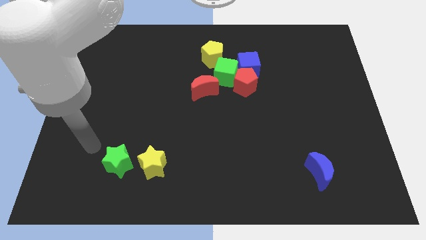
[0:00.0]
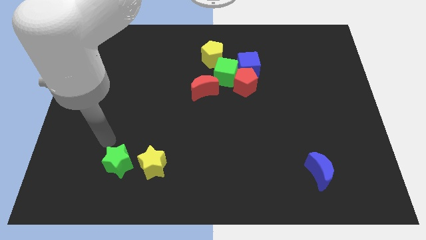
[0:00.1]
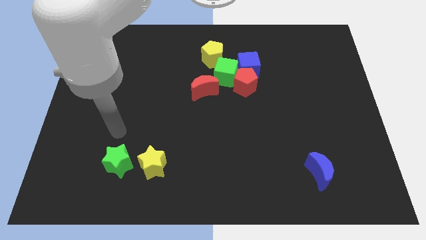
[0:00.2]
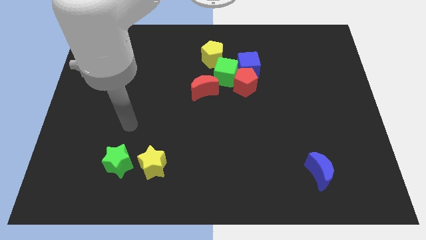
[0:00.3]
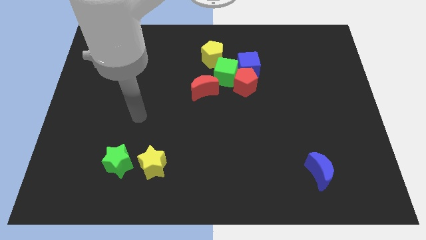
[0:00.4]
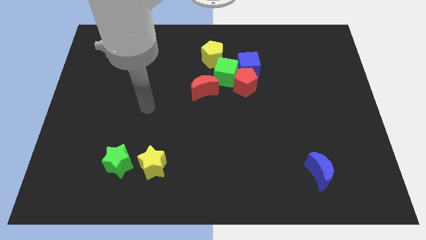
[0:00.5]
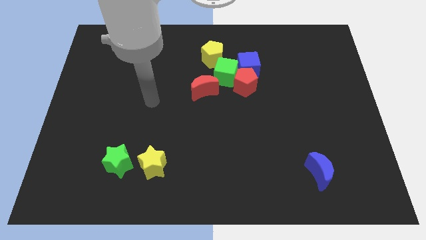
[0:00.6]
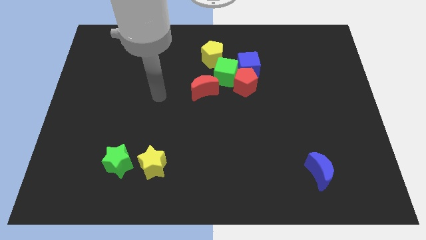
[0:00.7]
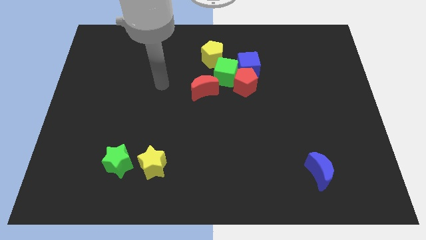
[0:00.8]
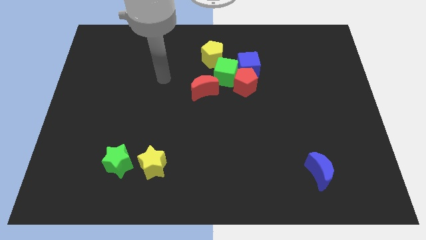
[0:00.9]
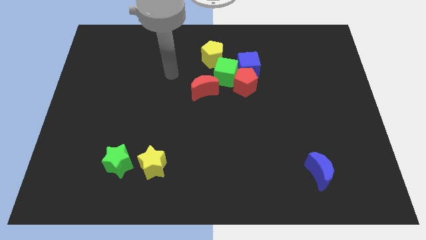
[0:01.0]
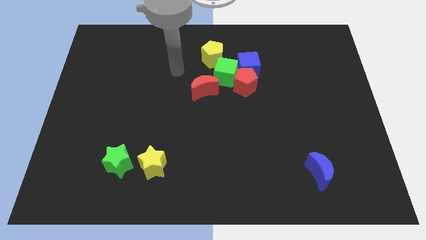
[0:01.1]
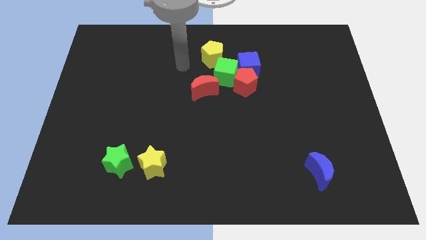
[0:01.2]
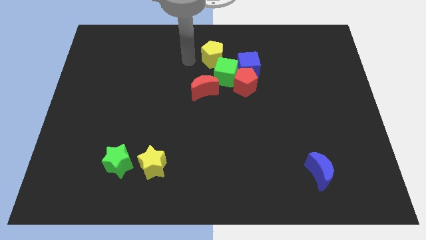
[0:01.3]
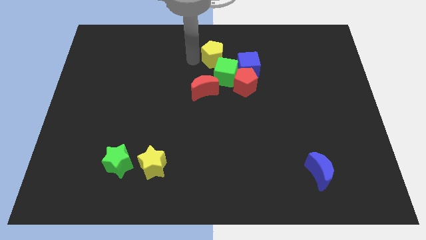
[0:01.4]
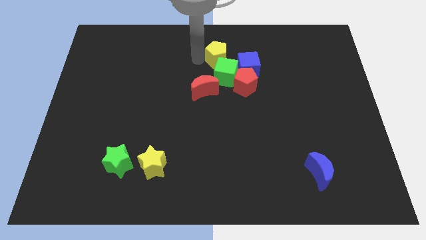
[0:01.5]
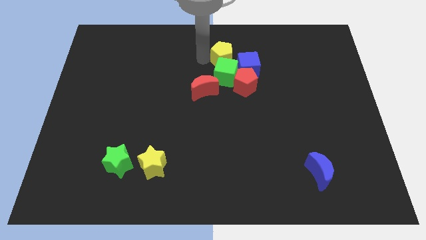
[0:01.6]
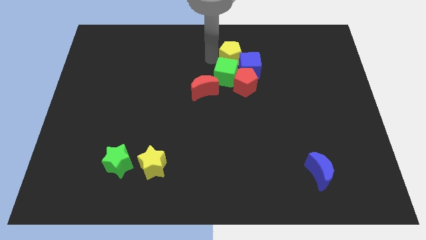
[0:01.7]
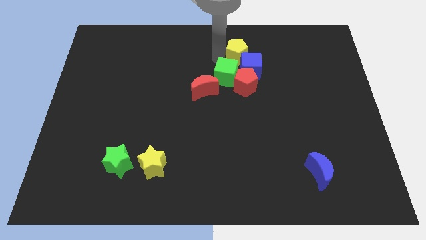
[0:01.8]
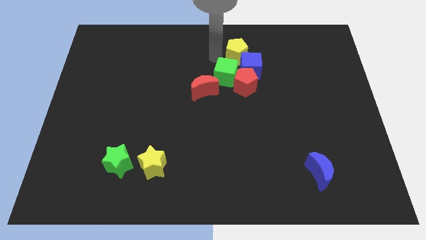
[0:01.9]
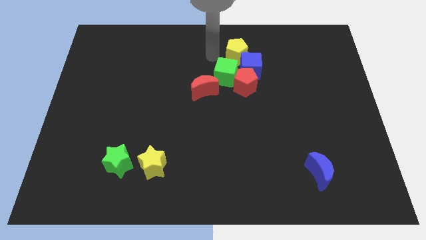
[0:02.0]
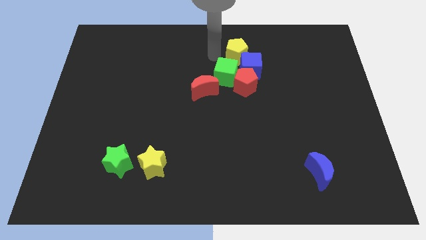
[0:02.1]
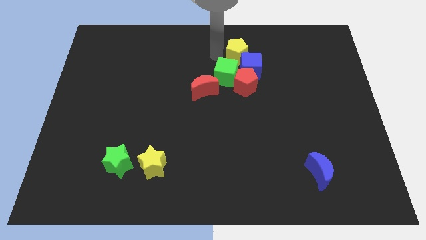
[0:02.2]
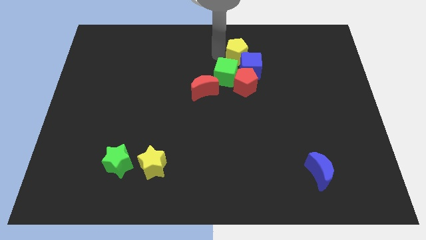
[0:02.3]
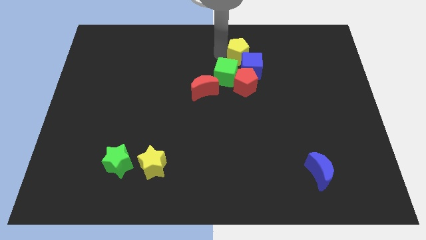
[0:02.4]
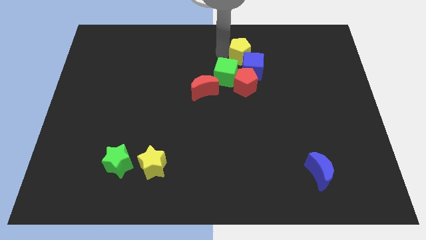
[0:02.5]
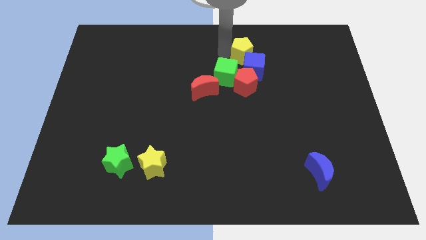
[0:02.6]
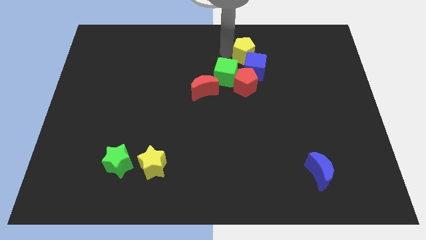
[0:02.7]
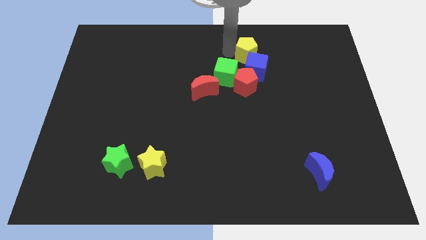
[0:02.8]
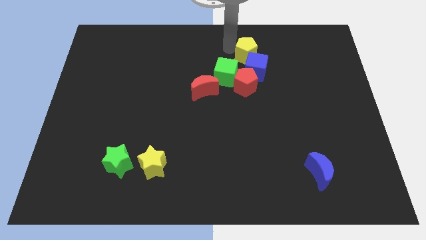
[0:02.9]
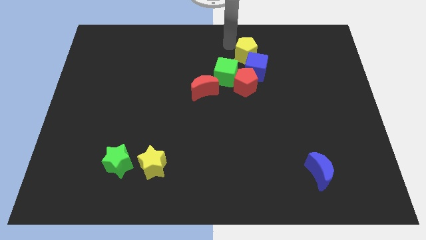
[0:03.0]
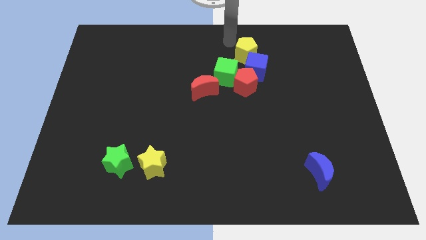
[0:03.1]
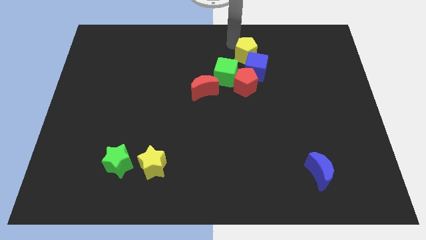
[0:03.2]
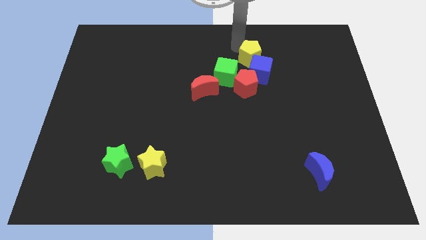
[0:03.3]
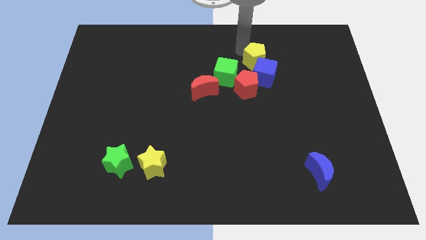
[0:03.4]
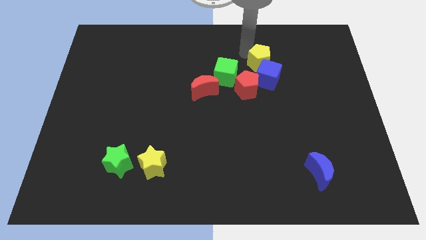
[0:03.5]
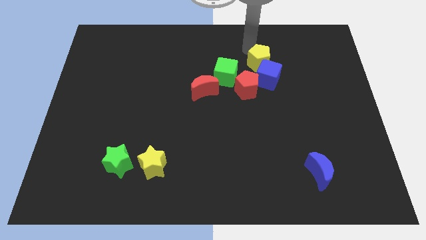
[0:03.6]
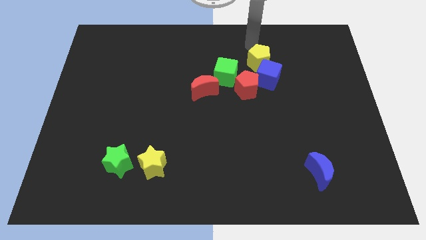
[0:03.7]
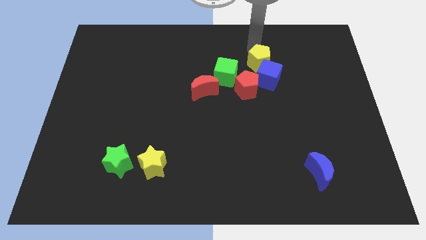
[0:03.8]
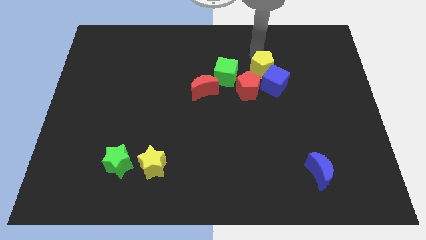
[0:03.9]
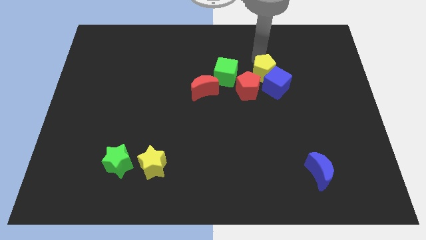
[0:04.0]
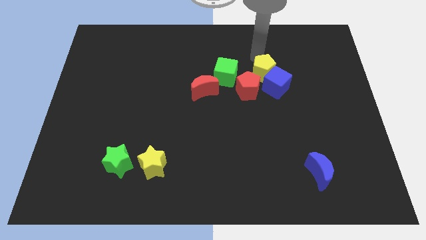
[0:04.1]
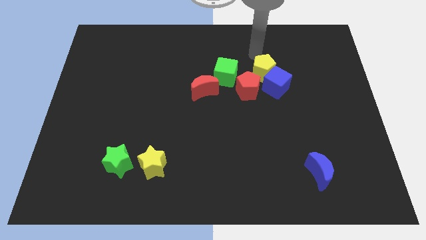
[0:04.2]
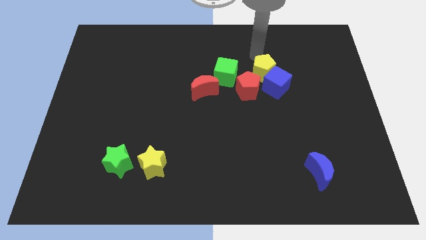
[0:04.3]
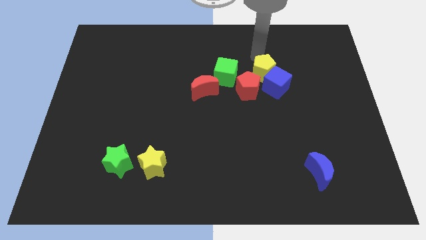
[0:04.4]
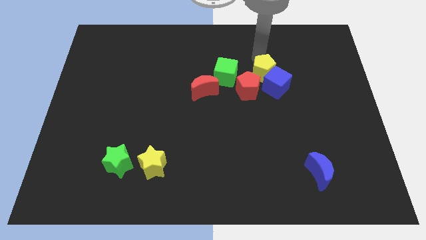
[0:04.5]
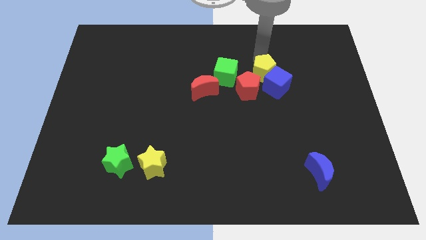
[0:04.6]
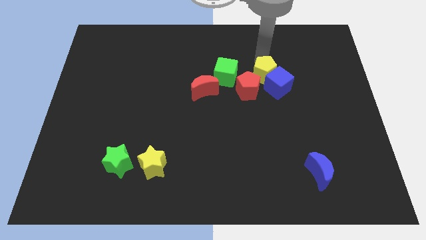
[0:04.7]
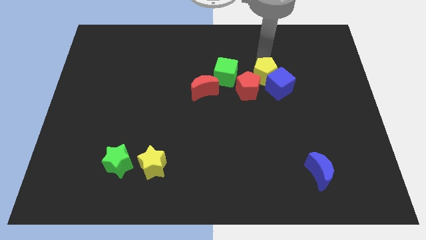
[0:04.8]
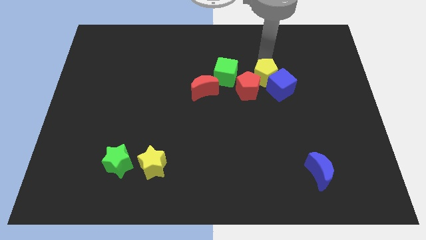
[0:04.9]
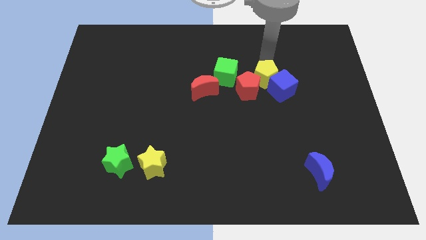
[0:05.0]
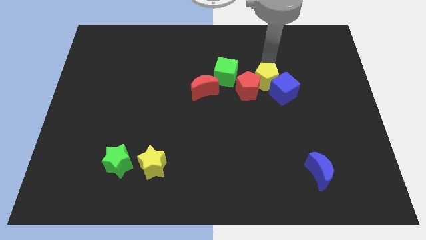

____

# What you are asked to do:
Each record must be repeated verbatim, and no picture may appear in the copy.

# Written reply:
[0:00.0]
[0:00.1]
[0:00.2]
[0:00.3]
[0:00.4]
[0:00.5]
[0:00.6]
[0:00.7]
[0:00.8]
[0:00.9]
[0:01.0]
[0:01.1]
[0:01.2]
[0:01.3]
[0:01.4]
[0:01.5]
[0:01.6]
[0:01.7]
[0:01.8]
[0:01.9]
[0:02.0]
[0:02.1]
[0:02.2]
[0:02.3]
[0:02.4]
[0:02.5]
[0:02.6]
[0:02.7]
[0:02.8]
[0:02.9]
[0:03.0]
[0:03.1]
[0:03.2]
[0:03.3]
[0:03.4]
[0:03.5]
[0:03.6]
[0:03.7]
[0:03.8]
[0:03.9]
[0:04.0]
[0:04.1]
[0:04.2]
[0:04.3]
[0:04.4]
[0:04.5]
[0:04.6]
[0:04.7]
[0:04.8]
[0:04.9]
[0:05.0]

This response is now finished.